Items from a dataset

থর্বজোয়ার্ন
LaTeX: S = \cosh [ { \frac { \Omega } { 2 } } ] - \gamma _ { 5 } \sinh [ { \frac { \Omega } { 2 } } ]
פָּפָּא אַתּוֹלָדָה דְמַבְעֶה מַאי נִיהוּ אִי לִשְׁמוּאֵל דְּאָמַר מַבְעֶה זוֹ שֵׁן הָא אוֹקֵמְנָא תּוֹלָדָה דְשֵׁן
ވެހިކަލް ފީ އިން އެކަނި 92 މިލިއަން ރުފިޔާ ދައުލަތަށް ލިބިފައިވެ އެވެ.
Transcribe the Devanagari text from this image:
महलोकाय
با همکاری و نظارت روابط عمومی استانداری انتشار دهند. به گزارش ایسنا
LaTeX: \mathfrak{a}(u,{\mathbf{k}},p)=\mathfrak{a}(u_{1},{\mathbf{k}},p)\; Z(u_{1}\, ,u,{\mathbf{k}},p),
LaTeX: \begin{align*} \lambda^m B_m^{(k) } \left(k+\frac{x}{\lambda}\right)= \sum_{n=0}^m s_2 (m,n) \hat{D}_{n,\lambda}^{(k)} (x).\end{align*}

...

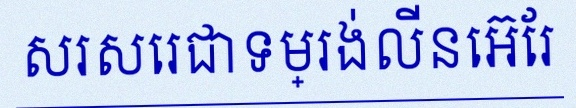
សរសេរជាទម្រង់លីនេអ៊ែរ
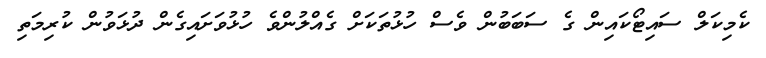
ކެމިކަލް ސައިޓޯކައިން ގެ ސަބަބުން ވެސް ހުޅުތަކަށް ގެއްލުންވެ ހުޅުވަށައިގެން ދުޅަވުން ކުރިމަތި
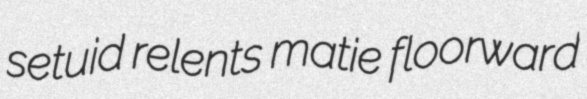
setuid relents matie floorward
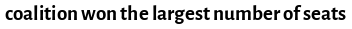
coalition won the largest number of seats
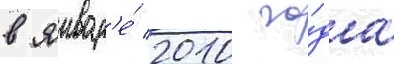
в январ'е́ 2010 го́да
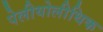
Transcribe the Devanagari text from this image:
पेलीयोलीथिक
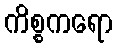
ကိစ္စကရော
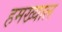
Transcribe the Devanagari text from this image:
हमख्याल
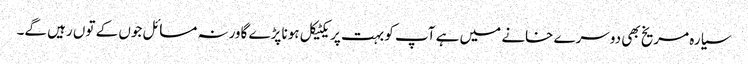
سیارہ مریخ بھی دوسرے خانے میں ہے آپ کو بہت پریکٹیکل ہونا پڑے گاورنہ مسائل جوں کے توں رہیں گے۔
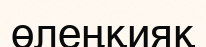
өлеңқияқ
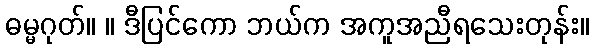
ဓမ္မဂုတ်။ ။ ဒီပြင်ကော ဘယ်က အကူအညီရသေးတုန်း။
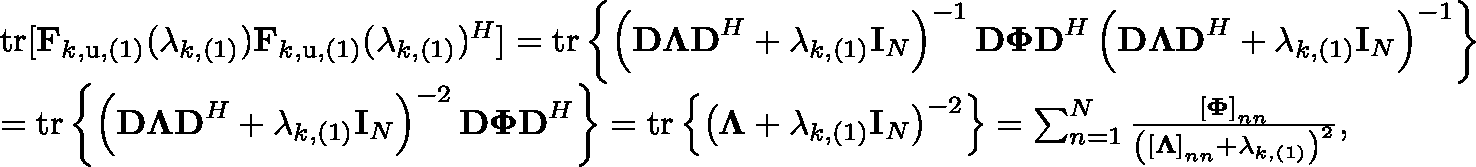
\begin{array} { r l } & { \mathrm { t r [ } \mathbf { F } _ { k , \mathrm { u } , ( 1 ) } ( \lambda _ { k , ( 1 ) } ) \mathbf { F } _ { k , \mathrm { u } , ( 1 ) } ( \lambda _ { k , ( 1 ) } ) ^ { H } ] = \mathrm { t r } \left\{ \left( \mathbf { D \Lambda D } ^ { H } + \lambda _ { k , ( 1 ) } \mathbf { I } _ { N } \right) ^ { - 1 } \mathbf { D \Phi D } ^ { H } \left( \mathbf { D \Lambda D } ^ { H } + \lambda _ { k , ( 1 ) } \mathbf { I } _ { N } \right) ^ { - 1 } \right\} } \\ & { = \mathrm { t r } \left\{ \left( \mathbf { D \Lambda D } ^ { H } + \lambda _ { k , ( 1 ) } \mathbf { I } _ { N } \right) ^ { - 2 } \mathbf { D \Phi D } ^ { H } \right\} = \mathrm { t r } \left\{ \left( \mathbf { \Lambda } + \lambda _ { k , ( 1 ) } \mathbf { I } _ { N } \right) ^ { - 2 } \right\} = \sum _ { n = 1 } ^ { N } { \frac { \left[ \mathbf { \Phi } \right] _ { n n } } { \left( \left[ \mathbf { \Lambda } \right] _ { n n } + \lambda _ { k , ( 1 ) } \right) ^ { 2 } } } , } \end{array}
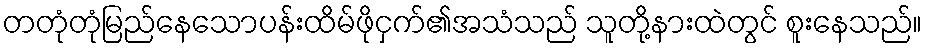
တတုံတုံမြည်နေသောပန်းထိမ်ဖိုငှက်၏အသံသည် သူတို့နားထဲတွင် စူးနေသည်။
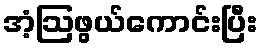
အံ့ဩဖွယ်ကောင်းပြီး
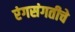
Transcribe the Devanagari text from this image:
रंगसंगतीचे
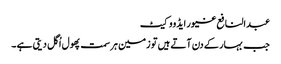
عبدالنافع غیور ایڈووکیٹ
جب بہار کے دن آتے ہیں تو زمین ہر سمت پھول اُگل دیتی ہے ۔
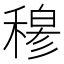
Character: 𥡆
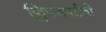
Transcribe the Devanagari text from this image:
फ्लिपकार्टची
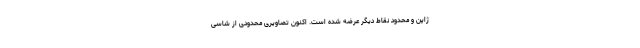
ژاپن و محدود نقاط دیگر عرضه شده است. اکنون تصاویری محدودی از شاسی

**WORK TO COMPLETE**: For the word "mathbf", show every line of the entries that holds it.

**RESPONSE BOX**:
LaTeX: \mathfrak{a}(u,{\mathbf{k}},p)=\mathfrak{a}(u_{1},{\mathbf{k}},p)\; Z(u_{1}\, ,u,{\mathbf{k}},p),
\begin{array} { r l } & { \mathrm { t r [ } \mathbf { F } _ { k , \mathrm { u } , ( 1 ) } ( \lambda _ { k , ( 1 ) } ) \mathbf { F } _ { k , \mathrm { u } , ( 1 ) } ( \lambda _ { k , ( 1 ) } ) ^ { H } ] = \mathrm { t r } \left\{ \left( \mathbf { D \Lambda D } ^ { H } + \lambda _ { k , ( 1 ) } \mathbf { I } _ { N } \right) ^ { - 1 } \mathbf { D \Phi D } ^ { H } \left( \mathbf { D \Lambda D } ^ { H } + \lambda _ { k , ( 1 ) } \mathbf { I } _ { N } \right) ^ { - 1 } \right\} } \\ & { = \mathrm { t r } \left\{ \left( \mathbf { D \Lambda D } ^ { H } + \lambda _ { k , ( 1 ) } \mathbf { I } _ { N } \right) ^ { - 2 } \mathbf { D \Phi D } ^ { H } \right\} = \mathrm { t r } \left\{ \left( \mathbf { \Lambda } + \lambda _ { k , ( 1 ) } \mathbf { I } _ { N } \right) ^ { - 2 } \right\} = \sum _ { n = 1 } ^ { N } { \frac { \left[ \mathbf { \Phi } \right] _ { n n } } { \left( \left[ \mathbf { \Lambda } \right] _ { n n } + \lambda _ { k , ( 1 ) } \right) ^ { 2 } } } , } \end{array}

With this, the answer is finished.